Price's advice for Max? Spend more time with Alexa.

"No way, uh uh, no how," the two say in unison. Max even turns his back on Alexa.

Well, Price says, "Some day you could be spending Mother's and Father's day together!" But his comment is not well taken, kids around them start yelling, "No!"

Price asks another boy why his mom is the best in the world. "Because to me, she's the only mom in the world," he replies.

That means she is the best mom because she's the boy's only mom? "Yeah," the boy assures Price, there is no other option.

So why do we have a Mother's Day?

Price poses that question to a girl, and, very seriously, she replies, "So the greeting card industries will make more money."

He clarifies her answer, "You're saying Mother's Day is like a scam for the greeting card industry?"

She nods emphatically and says, "Basically."

Price moves on with his questions, this time drawing a stick figure on the blackboard that he says represents one girl's mom.

He asks, "How is your mom different from this drawing?"

Simply, the girl answers, "Well my mom has hair and eyes and she's not a stick."

The following questions relate to presents:

Taking advantage of the blackboard, Price asks the girl for advice as to how much money a mom should get as a gift.

So she takes the chalk and starts calculating, "She's been your mom, and you love her and care about her and she's been with you since the day you were born…Let's give her $200."

Feigning surprise, Price says, "$200?"

"Yeah," she says but wanting to accommodate Price, she adds, "Ok, we'll take it down to $100."

"Why $100?" Price says. "Do you want higher?" she asks, "No I was thinking lower," he says.

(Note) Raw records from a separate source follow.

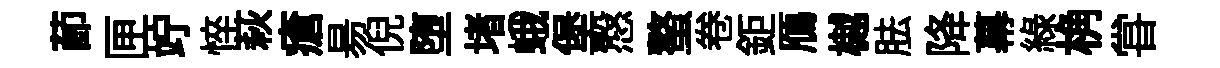
莭匣竚悴萩瘡昜倪堕堵蛾堡慤螯卷鉅鴈樾胠降幕綠桷甞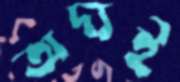
অদ্যই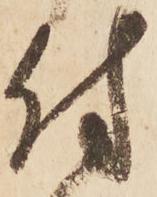
付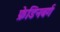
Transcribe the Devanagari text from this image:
फ्रेडिनबर्ग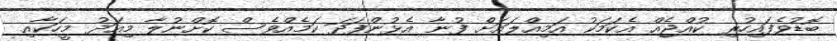
ބޮޑުވެފައިހުރި ކުއްޖެއް އެކަމަކު އަމިއްލައަށް ފުނާ އެޅުންފަދަ ކަމެއްވެސް ކޮށްނުލާ މިއަދު މީހަކާއި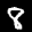
Label: 8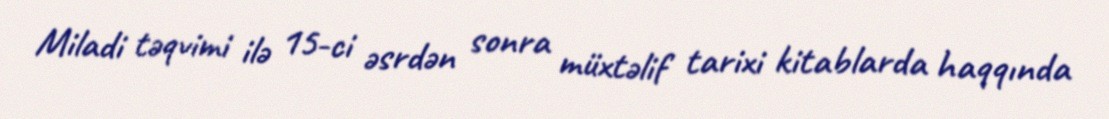
Miladi təqvimi ilə 15-ci əsrdən sonra müxtəlif tarixi kitablarda haqqında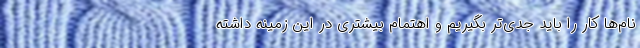
نام‌ها کار را باید جدی‌تر بگیریم و اهتمام بیشتری در این زمینه داشته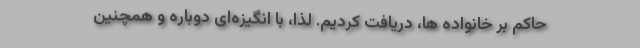
حاکم بر خانواده ها، دریافت کردیم. لذا، با انگیزه‌ای دوباره و همچنین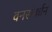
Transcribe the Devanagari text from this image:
वनसंवर्धन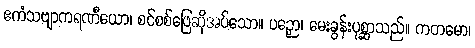
ဧကံသဗျာကရဏီယော၊ စင်စစ်ဖြေဆိုအပ်သော။ ပဉှော၊ မေးခွန်းပုစ္ဆာသည်။ ကတမော၊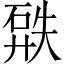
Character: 𥓹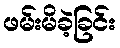
ဖမ်းမိခဲ့ခြင်း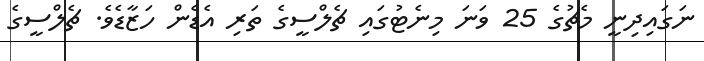
ނަގައިދިނީ މެޗުގެ 25 ވަނަ މިނެޓުގައި ޗެލްސީގެ ތަރި އެޑެން ހަޒާޑެވެ. ޗެލްސީގެ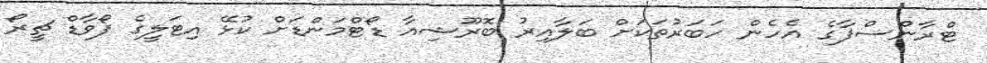
ޓްރާންސްފާގެ އެހެން ހަބަރުތަކަށް ބަލާއިރު ބޮރޫޝިއާ ޑޯޓްމަންޑަށް ކުޅޭ އިޓަލީގެ ފޯވާޑް ޗީރޯ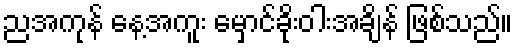
ညအကုန် နေ့အကူး မှောင်ခိုးဝါးအချိန် ဖြစ်သည်။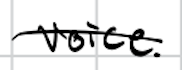
Text: voice.
Cross-out: single-line
Writing tool: digital_black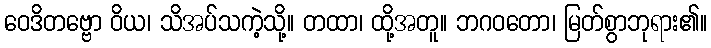
ဝေဒိတဗ္ဗော ဝိယ၊ သိအပ်သကဲ့သို့။ တထာ၊ ထို့အတူ။ ဘဂဝတော၊ မြတ်စွာဘုရား၏။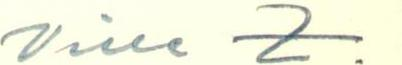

Frustrated, she answers, "OK. Well, if you want to be a real cheapskate you can give her a dollar."

What do you think moms like? He asks another girl, "House appliances," she says, "like a sturdy teapot."

Another girl's mom would like a different gift. On Mother's Day, she says her mom would like to "go buy some Coach purses."

He asks then a boy what he would get his mom. "I'd get her fake flowers," he says, "Yeah, to improvise. They don't die on you."

So is there anything Mom could work on for next Mother's Day to be a better mom?

"Umm, yeah," a boy says, "Making better hamburgers" to a sympathizing Price.

His next question is for an older kid: "If you're a mom and you're looking for a good Mother's Day gift, what should you not do during the year?"

The boy gives it a thought and answers, "Don't sing in front of your kid's friends. And don't pinch their cheeks in front of their friends."

So what have we learned today?

Max answers, "That I love my mom more than vanilla ice cream!" And laughs hysterically.

And in one voice all the kids scream together, "I love you, Mom. Happy Mother's Day!"